▶ **WORK INSTRUCTIONS**: Going down the data below, set down exactly the line with "Pleural effusion, right: 2" and each line after it through the line with "Atelectasis, right: 2"; no other lines.

▶ **DATA SUPPLIED**:
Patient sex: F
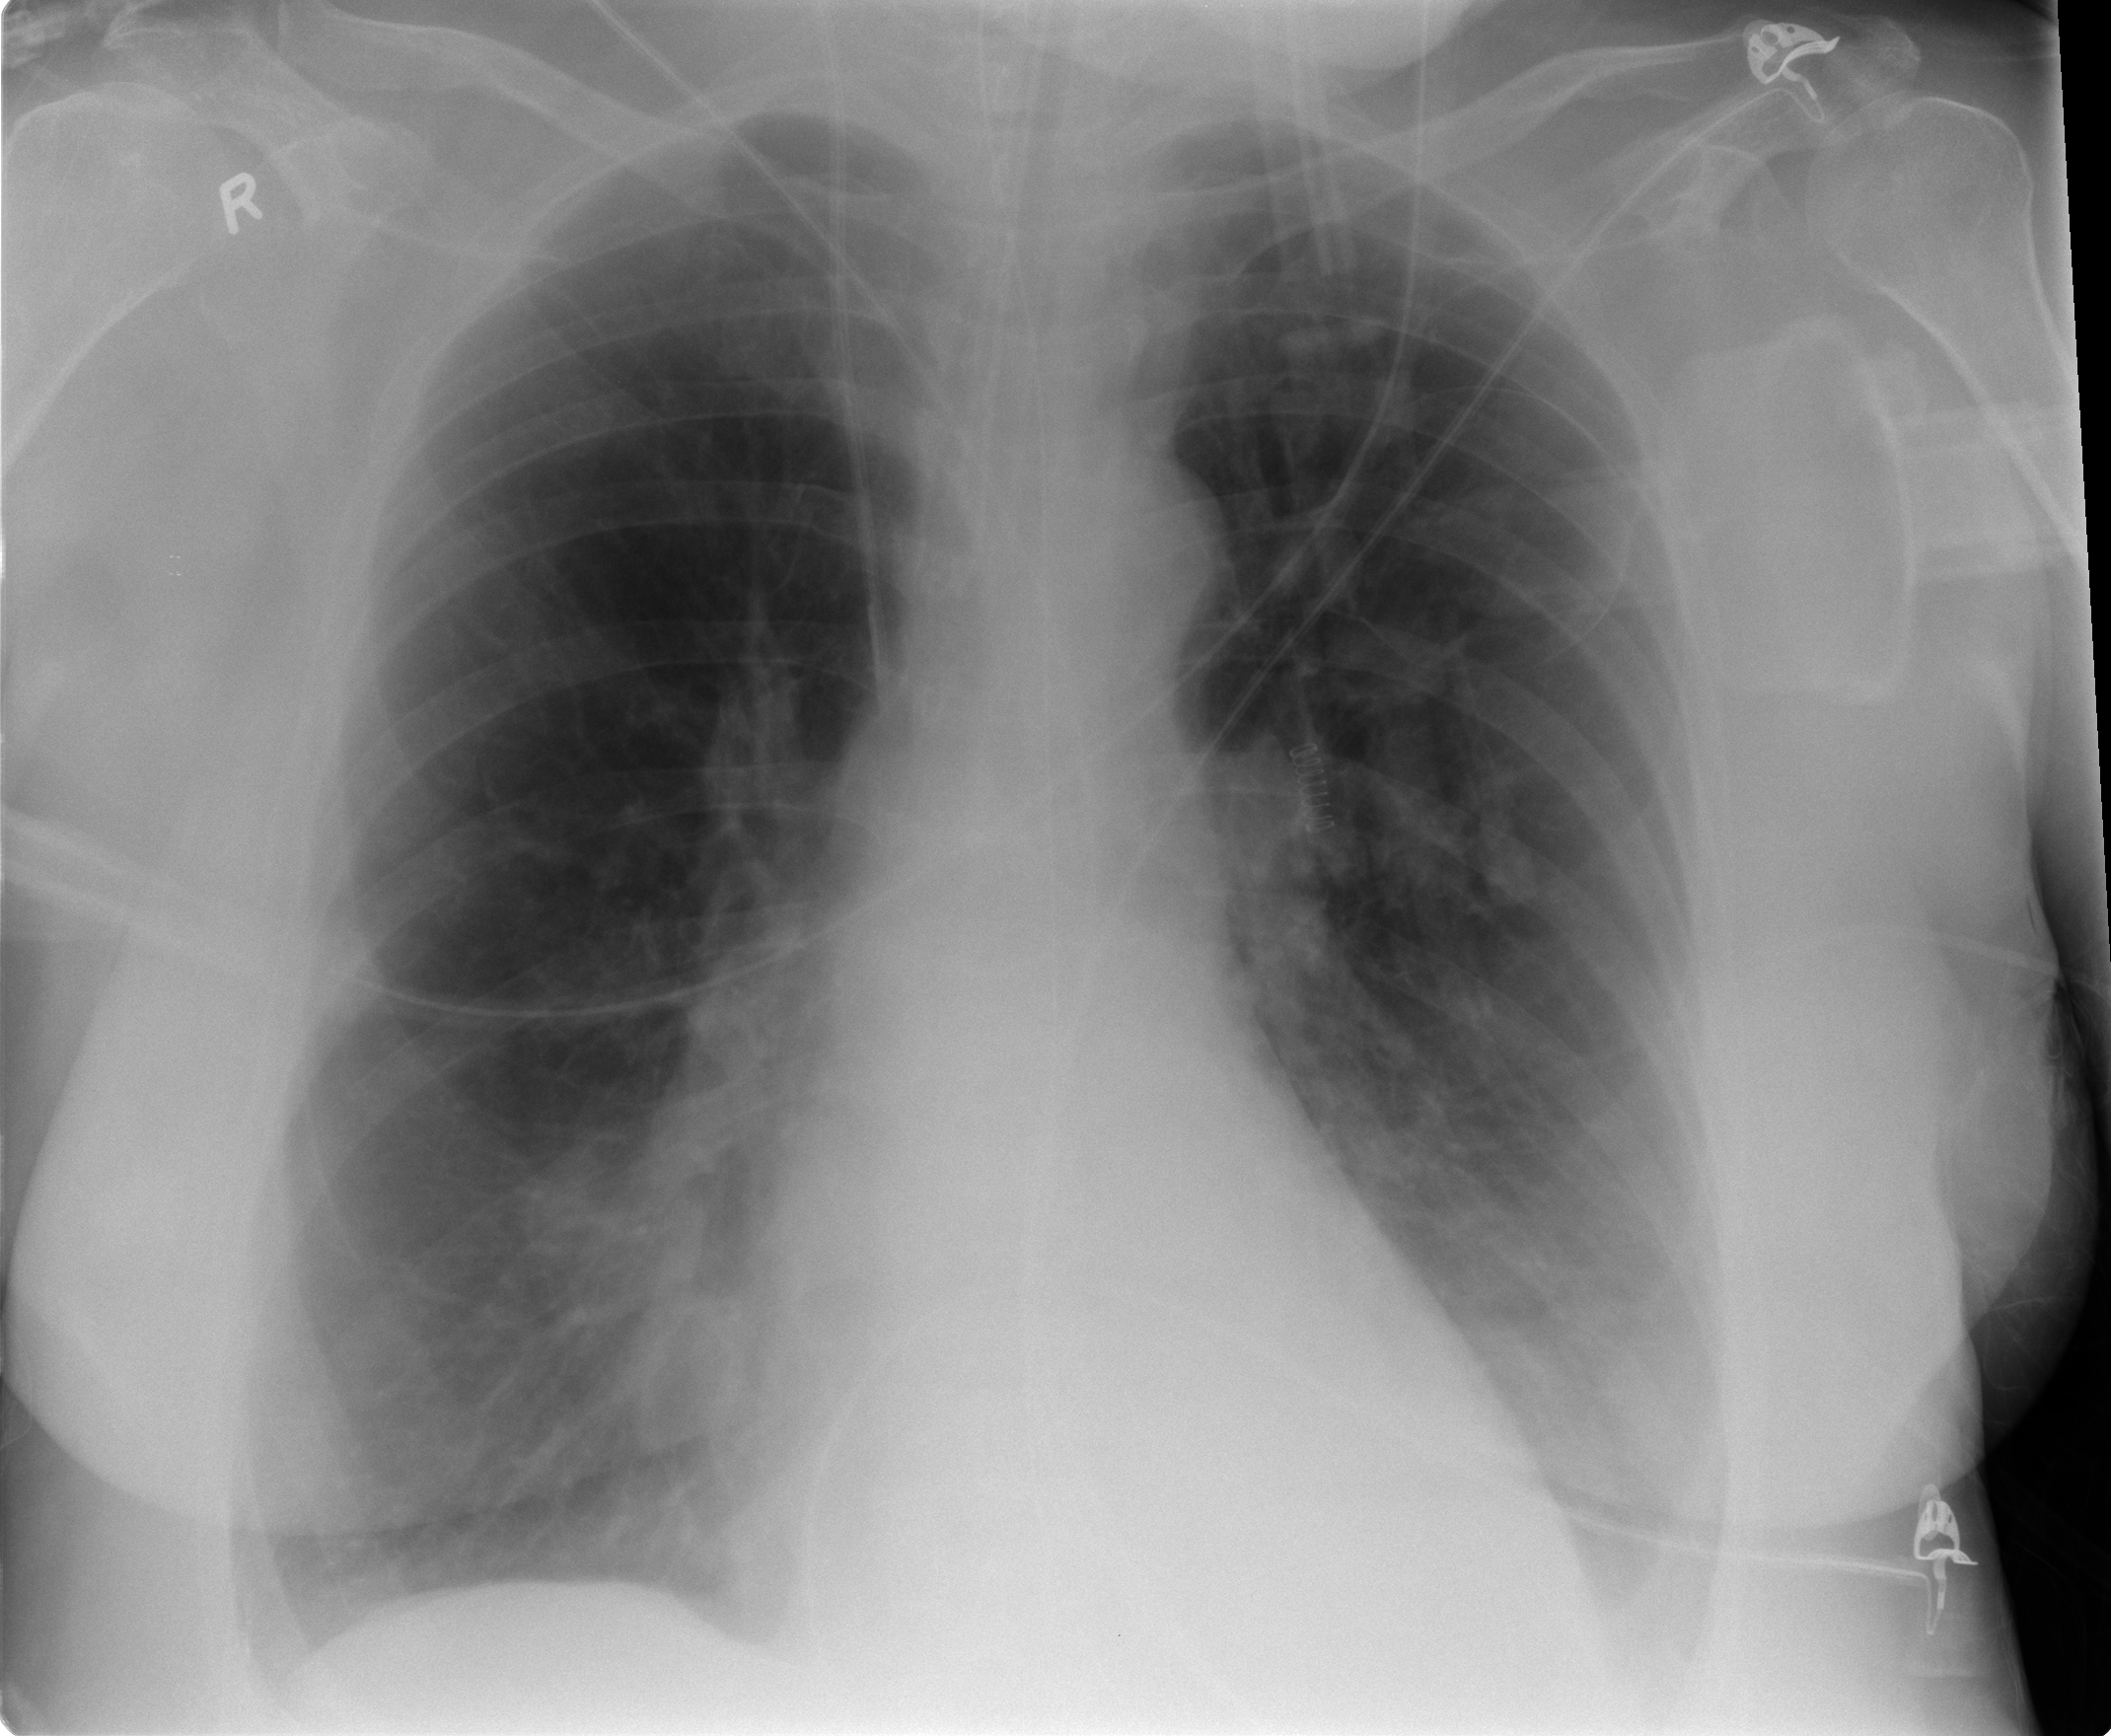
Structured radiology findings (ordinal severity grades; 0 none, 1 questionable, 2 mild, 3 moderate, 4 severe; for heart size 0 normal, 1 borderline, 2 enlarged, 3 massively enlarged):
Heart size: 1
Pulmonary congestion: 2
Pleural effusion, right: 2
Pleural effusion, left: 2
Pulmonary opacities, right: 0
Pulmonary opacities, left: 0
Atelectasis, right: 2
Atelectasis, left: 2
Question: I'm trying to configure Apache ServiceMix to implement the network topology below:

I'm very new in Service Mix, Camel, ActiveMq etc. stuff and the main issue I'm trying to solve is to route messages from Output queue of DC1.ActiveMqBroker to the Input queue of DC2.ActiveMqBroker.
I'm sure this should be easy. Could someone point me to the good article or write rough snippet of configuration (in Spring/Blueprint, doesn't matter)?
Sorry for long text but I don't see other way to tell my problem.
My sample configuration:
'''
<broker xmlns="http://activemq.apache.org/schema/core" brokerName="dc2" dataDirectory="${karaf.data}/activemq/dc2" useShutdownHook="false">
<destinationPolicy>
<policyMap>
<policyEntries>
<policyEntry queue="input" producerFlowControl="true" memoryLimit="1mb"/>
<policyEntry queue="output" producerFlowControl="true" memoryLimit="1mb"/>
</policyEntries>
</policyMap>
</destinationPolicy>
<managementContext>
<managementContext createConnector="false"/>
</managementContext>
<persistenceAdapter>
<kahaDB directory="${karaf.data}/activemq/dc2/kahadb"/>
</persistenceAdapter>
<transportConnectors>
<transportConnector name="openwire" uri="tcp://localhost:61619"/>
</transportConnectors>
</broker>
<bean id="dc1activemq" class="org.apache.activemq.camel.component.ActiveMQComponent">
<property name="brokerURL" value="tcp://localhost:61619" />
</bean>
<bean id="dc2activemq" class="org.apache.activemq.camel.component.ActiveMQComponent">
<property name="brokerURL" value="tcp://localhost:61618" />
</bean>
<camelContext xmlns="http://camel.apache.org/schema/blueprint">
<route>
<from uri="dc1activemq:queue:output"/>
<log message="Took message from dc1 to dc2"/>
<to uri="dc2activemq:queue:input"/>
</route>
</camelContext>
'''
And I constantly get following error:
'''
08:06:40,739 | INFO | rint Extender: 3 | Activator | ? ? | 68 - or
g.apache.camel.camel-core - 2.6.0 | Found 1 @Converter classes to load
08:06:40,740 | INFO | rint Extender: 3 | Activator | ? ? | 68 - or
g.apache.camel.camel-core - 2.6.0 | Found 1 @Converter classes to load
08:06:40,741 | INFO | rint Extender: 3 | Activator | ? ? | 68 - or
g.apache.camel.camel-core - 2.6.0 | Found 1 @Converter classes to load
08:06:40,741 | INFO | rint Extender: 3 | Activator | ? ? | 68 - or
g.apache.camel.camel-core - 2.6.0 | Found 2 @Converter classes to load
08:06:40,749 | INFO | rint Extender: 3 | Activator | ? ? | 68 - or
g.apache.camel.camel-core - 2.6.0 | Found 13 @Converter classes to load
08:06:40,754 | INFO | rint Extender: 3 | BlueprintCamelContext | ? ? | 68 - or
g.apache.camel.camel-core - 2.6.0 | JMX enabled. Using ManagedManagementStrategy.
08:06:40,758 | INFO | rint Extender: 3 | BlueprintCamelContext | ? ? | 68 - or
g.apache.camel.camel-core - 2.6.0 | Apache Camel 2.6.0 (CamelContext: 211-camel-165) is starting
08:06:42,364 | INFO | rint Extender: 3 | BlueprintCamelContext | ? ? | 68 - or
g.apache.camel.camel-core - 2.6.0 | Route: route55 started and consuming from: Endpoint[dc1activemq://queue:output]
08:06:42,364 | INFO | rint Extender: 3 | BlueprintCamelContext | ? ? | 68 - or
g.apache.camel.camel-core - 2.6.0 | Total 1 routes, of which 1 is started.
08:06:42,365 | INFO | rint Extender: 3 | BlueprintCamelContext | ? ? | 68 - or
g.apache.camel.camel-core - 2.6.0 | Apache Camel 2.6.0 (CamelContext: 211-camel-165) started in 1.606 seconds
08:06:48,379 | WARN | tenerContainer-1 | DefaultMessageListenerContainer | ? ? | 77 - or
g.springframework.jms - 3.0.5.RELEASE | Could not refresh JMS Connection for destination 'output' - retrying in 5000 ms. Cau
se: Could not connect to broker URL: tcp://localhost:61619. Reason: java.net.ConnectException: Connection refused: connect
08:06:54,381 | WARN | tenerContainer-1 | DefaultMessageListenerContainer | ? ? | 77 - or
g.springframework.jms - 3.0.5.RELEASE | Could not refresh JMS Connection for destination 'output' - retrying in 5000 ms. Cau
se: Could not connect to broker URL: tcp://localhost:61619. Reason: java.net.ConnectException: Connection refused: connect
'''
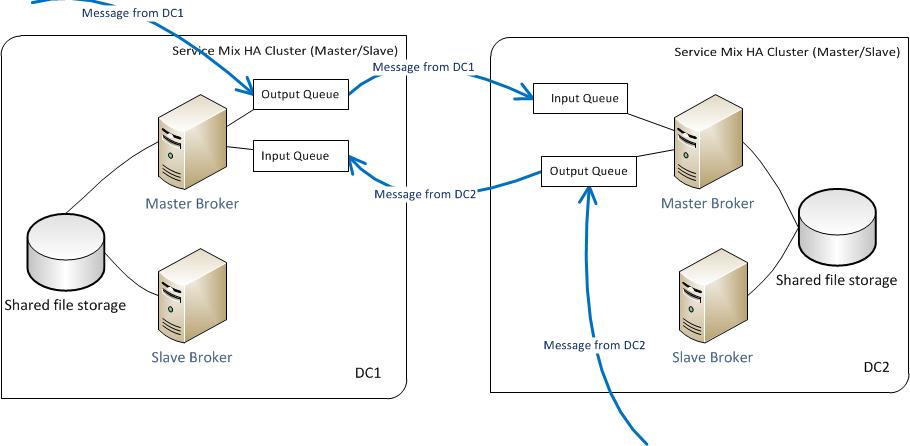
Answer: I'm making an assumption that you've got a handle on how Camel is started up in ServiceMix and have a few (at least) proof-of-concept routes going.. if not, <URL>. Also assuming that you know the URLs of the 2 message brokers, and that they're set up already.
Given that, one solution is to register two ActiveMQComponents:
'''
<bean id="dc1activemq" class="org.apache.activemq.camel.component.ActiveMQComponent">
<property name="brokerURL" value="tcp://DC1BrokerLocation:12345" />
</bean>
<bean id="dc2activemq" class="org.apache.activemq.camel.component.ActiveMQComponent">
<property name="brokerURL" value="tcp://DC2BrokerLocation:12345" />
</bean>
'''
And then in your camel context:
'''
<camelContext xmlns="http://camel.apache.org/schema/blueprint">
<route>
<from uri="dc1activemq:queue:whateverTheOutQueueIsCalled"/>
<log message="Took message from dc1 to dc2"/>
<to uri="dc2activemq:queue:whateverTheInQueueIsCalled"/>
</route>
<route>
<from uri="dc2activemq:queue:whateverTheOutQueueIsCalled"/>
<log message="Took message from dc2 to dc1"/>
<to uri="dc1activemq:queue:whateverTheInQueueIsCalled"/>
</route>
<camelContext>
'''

▶ **TASK RESPONSE**:
Pleural effusion, right: 2
Pleural effusion, left: 2
Pulmonary opacities, right: 0
Pulmonary opacities, left: 0
Atelectasis, right: 2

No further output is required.